POODLE
- CVE identifier: CVE-2014-3566
- Date discovered: October 14, 2014; 11 years ago
- Discoverer: Bodo Möller, Thai Duong, Krzysztof Kotowicz (Google Security Team)
- Affected software: Any software that uses or supports a fallback to SSL 3.0

= POODLE =

Form of message tampering

POODLE (which stands for "Padding Oracle On Downgraded Legacy Encryption") is a security vulnerability which takes advantage of the fallback behavior of TLS clients to SSL 3.0. If attackers successfully exploit this vulnerability, on average, they only need to make 256 SSL 3.0 requests to reveal one byte of encrypted messages. Bodo Möller, Thai Duong and Krzysztof Kotowicz from the Google Security Team discovered this vulnerability; they disclosed the vulnerability publicly on October 14, 2014 (despite the paper being dated "September 2014"). On December 8, 2014, a variation of the POODLE vulnerability that affected TLS was announced.

The CVE-ID associated with the original POODLE attack is .
F5 Networks filed for as well, see POODLE attack against TLS section below.

== Prevention ==
To mitigate the POODLE attack, one approach is to completely disable SSL 3.0 on the client side and the server side. However, some old clients and servers do not support TLS 1.0 and above. Thus, the authors of the paper on POODLE attacks also encourage browser and server implementation of TLS_FALLBACK_SCSV, which will make downgrade attacks impossible.

Another mitigation is to implement "anti-POODLE record splitting". It splits the records into several parts and ensures none of them can be attacked. However the problem of the splitting is that, though valid according to the specification, it may also cause compatibility issues due to problems in server-side implementations.

A full list of browser versions and levels of vulnerability to different attacks (including POODLE) can be found in the article Transport Layer Security.

Opera 25 implemented this mitigation in addition to TLS_FALLBACK_SCSV.

Google's Chrome browser and their servers had already supported TLS_FALLBACK_SCSV. Google stated in October 2014 it was planning to remove SSL 3.0 support from their products completely within a few months. Fallback to SSL 3.0 has been disabled in Chrome 39, released in November 2014. SSL 3.0 has been disabled by default in Chrome 40, released in January 2015.

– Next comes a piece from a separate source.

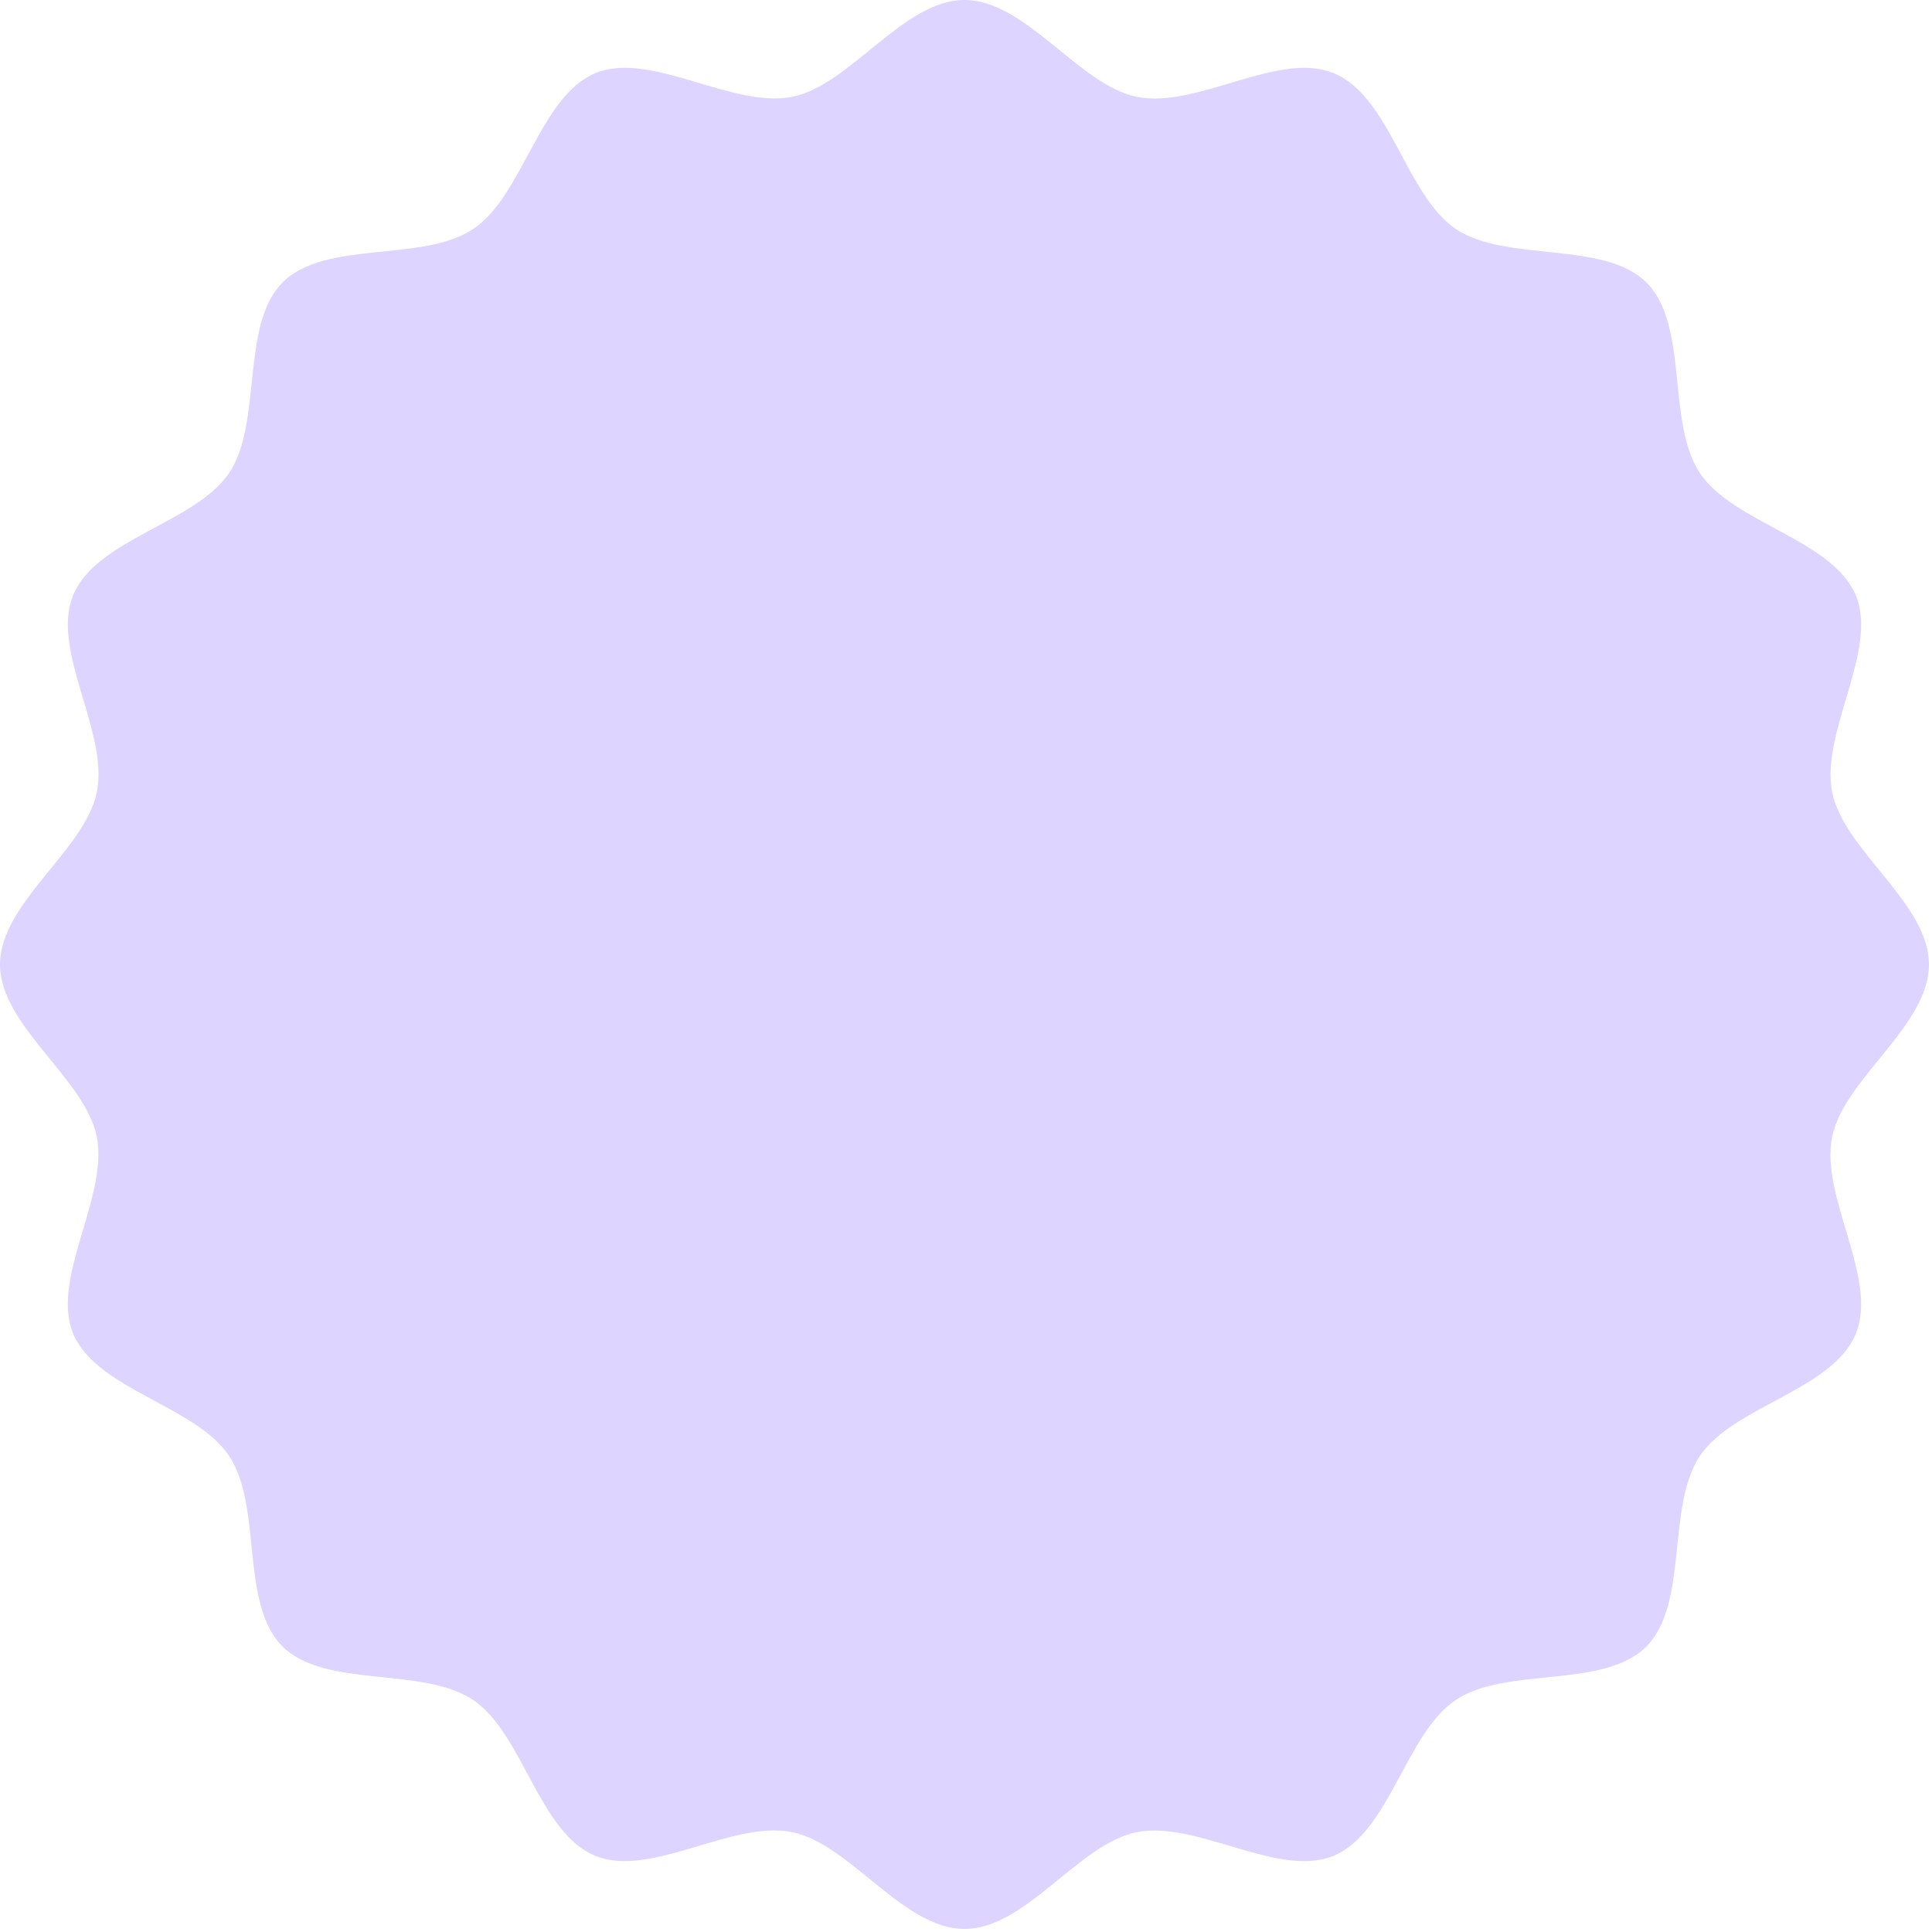 <?xml version="1.0" encoding="utf-8"?>
<svg xmlns="http://www.w3.org/2000/svg" fill="none" height="100%" overflow="visible" preserveAspectRatio="none" style="display: block;" viewBox="0 0 383 383" width="100%">
<path d="M382.4 191.2C382.4 203.4 365.5 213.9 363.2 225.4C360.8 237.3 372.4 253.4 367.9 264.4C363.3 275.6 343.7 278.7 337 288.6C330.3 298.6 334.8 317.9 326.4 326.4C317.9 334.9 298.6 330.3 288.6 337C278.7 343.6 275.5 363.2 264.4 367.9C253.4 372.4 237.4 360.9 225.4 363.2C213.8 365.5 203.4 382.4 191.2 382.4C179 382.4 168.5 365.5 157 363.2C145.1 360.8 129 372.4 118 367.9C106.8 363.3 103.7 343.7 93.8 337C83.8 330.3 64.5 334.8 56 326.4C47.5 317.9 52.1 298.6 45.4 288.6C38.8 278.7 19.2 275.5 14.5 264.4C10 253.4 21.5 237.4 19.2 225.4C16.9 213.8 0 203.4 0 191.2C0 179 16.9 168.5 19.2 157C21.6 145.1 10 129 14.5 118C19.1 106.8 38.7 103.7 45.4 93.8C52.1 83.8 47.6 64.5 56 56C64.5 47.5 83.8 52.1 93.8 45.4C103.7 38.8 106.9 19.2 118 14.5C129 10 145 21.5 157 19.2C168.6 16.9 179 0 191.2 0C203.4 0 213.9 16.9 225.4 19.2C237.3 21.6 253.4 10 264.4 14.5C275.6 19.1 278.7 38.7 288.6 45.4C298.6 52.1 317.9 47.6 326.4 56C334.9 64.5 330.3 83.8 337 93.8C343.6 103.7 363.2 106.9 367.9 118C372.4 129 360.9 145 363.2 157C365.5 168.6 382.4 179 382.4 191.2Z" fill="#DDD5FF" id="Vector"/>
</svg>

Mozilla disabled SSL 3.0 in Firefox 34 and ESR 31.3, which were released in December 2014, and added support of TLS_FALLBACK_SCSV in Firefox 35.

Microsoft published a security advisory to explain how to disable SSL 3.0 in Internet Explorer and Windows OS, and on October 29, 2014, Microsoft released a fix which disables SSL 3.0 in Internet Explorer on Windows Vista / Server 2003 and above and announced a plan to disable SSL 3.0 by default in their products and services within a few months. Microsoft disabled fallback to SSL 3.0 in Internet Explorer 11 for Protect Mode sites on February 10, 2015, and for other sites on April 14, 2015.

Apple's Safari (on OS X 10.8, iOS 8.1 and later) mitigated against POODLE by removing support for all CBC protocols in SSL 3.0, however, this left RC4 which is also completely broken by the RC4 attacks in SSL 3.0. POODLE was completely mitigated in OS X 10.11 (El Capitan 2015) and iOS 9 (2015).

To prevent the POODLE attack, some web services dropped support of SSL 3.0. Examples include CloudFlare and Wikimedia.

Network Security Services version 3.17.1 (released on October 3, 2014) and 3.16.2.3 (released on October 27, 2014) introduced support for TLS_FALLBACK_SCSV, and NSS will disable SSL 3.0 by default in April 2015. OpenSSL versions 1.0.1j, 1.0.0o and 0.9.8zc, released on October 15, 2014, introduced support for TLS_FALLBACK_SCSV. LibreSSL version 2.1.1, released on October 16, 2014, disabled SSL 3.0 by default.

== POODLE attack against TLS ==
A new variant of the original POODLE attack was announced on December 8, 2014. This attack exploits implementation flaws of CBC encryption mode in the TLS 1.0 - 1.2 protocols. Even though TLS specifications require servers to check the padding, some implementations fail to validate it properly, which makes some servers vulnerable to POODLE even if they disable SSL 3.0. SSL Pulse showed "about 10% of the servers are vulnerable to the POODLE attack against TLS" before this vulnerability was announced. The CVE-ID for F5 Networks' implementation bug is . The entry in NIST's NVD states that this CVE-ID is to be used only for F5 Networks' implementation of TLS, and that other vendors whose products have the same failure to validate the padding mistake in their implementations like A10 Networks and Cisco Systems need to issue their own CVE-IDs for their implementation errors because this is not a flaw in the protocol but in the implementation.

The POODLE attack against TLS was found to be easier to initiate than the initial POODLE attack against SSL. There is no need to downgrade clients to SSL 3.0, meaning fewer steps are needed to execute a successful attack.